Bulking on your Protein?

Protein is another sadly misunderstood macronutrient that usually has the opposite problem of carbohydrates, people tend to think they need more than they do. Many fad diets preach the goodness of seriously reducing or eliminating carbohydrates of any type, and increase protein…increase it to an excessive amount.

Proteins are basically chains on a cellular level and the links of these chains are made up of essential and non-essential amino acids. Protein’s functions include: building and rebuilding muscle, building blocks of DNA, building blocks for tissues, they aid in transport around the body for digestion and metabolism, protein is also really important in terms of feeling full. I recommend to my patient that for snacks and meals there is always healthy carb, and protein. After about an hour to an hour and a half following that snack your carbs as an energy source are going to taper off, but if you added a protein in with that carb that protein will buy you an extra 60-90 minutes beyond that.
Protein is also AWESOMESAUCE in terms of immune support- proteins help build antibodies.

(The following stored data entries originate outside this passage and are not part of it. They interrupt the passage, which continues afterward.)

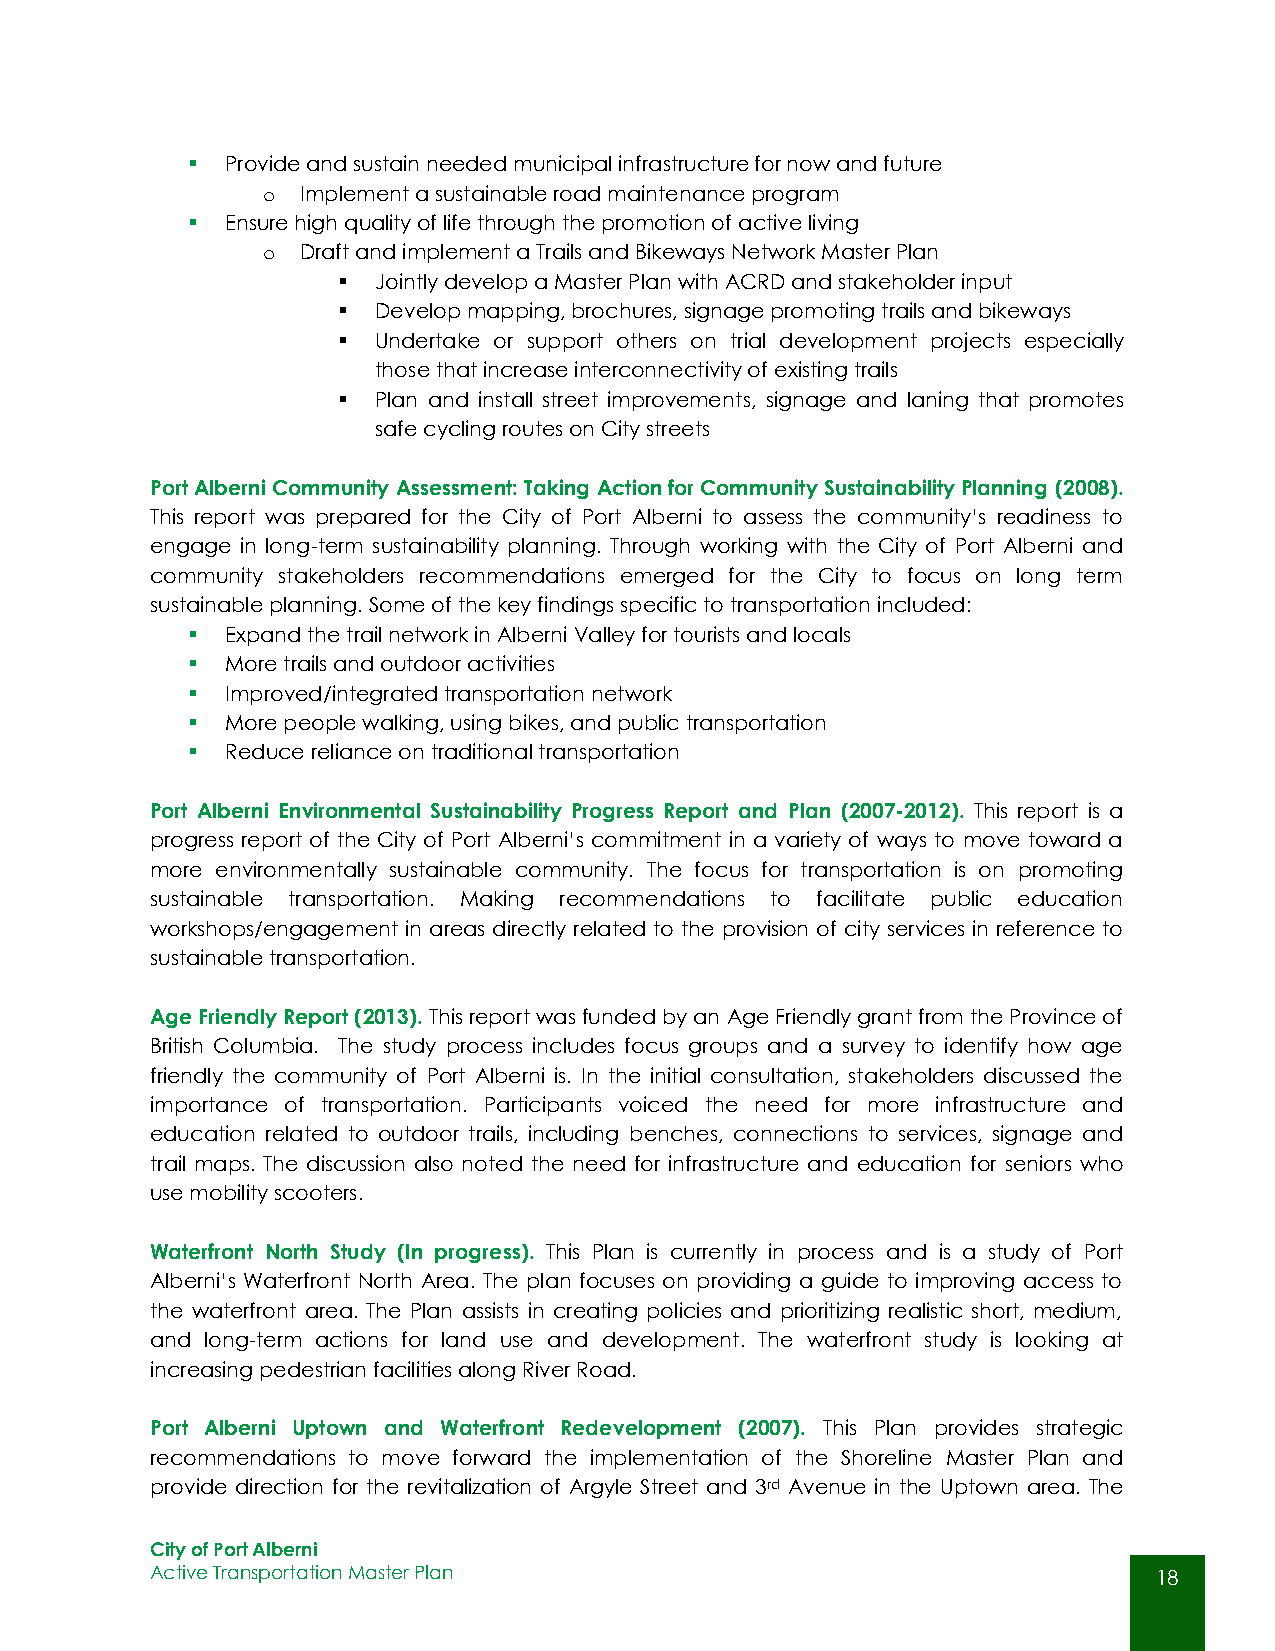
  Provide and sustain needed municipal infrastructure for now and future
 o  Implement a sustainable road maintenance program
   Ensure high quality of life through the promotion of active living
 o  Draft and implement a Trails and Bikeways Network Master Plan
   Jointly develop a Master Plan with ACRD and stakeholder input
   Develop mapping, brochures, signage promoting trails and bikeways
   Undertake or support others on trial development projects especially
 those that increase interconnectivity of existing trails
   Plan and install street improvements, signage and laning that promotes
 safe cycling routes on City streets
 Port Alberni Community Assessment: Taking Action for Community Sustainability Planning (2008).
 This report was prepared for the City of Port Alberni to assess the community’s readiness to
 engage in long-term sustainability planning. Through working with the City of Port Alberni and
 community stakeholders recommendations emerged for the City to focus on long term
 sustainable planning. Some of the key findings specific to transportation included:
   Expand the trail network in Alberni Valley for tourists and locals
   More trails and outdoor activities
   Improved/integrated transportation network
   More people walking, using bikes, and public transportation
   Reduce reliance on traditional transportation
 Port Alberni Environmental Sustainability Progress Report and Plan (2007-2012). This report is a
 progress report of the City of Port Alberni’s commitment in a variety of ways to move toward a
 more environmentally sustainable community. The focus for transportation is on promoting
 sustainable transportation. Making recommendations to facilitate public education
 workshops/engagement in areas directly related to the provision of city services in reference to
 sustainable transportation.
 Age Friendly Report (2013). This report was funded by an Age Friendly grant from the Province of
 British Columbia. The study process includes focus groups and a survey to identify how age
 friendly the community of Port Alberni is. In the initial consultation, stakeholders discussed the
 importance of transportation. Participants voiced the need for more infrastructure and
 education related to outdoor trails, including benches, connections to services, signage and
 trail maps. The discussion also noted the need for infrastructure and education for seniors who
 use mobility scooters.
 Waterfront North Study (In progress). This Plan is currently in process and is a study of Port
 Alberni’s Waterfront North Area. The plan focuses on providing a guide to improving access to
 the waterfront area. The Plan assists in creating policies and prioritizing realistic short, medium,
 and long-term actions for land use and development. The waterfront study is looking at
 increasing pedestrian facilities along River Road.
 Port Alberni Uptown and Waterfront Redevelopment (2007). This Plan provides strategic
 recommendations to move forward the implementation of the Shoreline Master Plan and
 provide direction for the revitalization of Argyle Street and 3rd Avenue in the Uptown area. The
 City of Port Alberni
 Active Transportation Master Plan                                  18
 18

Amino acids are either essential or non-essential essential proteins are proteins are proteins that can’t be made in the body, and therefore they need found in food, and once you find the food-eat the food. Non-essential amino acids can be made in the body, so you don’t need to rely on food to get them.

Then there are plant proteins (protein sources that come from plants), and animal protein sources (yeah protein you get from meat). Animal proteins contain all essential amino acids. You eat piece of chicken, fish, or beef, and you get all your essential amino acids.

Plant proteins (beans, nuts) are incomplete proteins meaning they do not contain all of the essential amino acids. So you need to combine different plant proteins (beans and rice) to get all of the essential amino acids.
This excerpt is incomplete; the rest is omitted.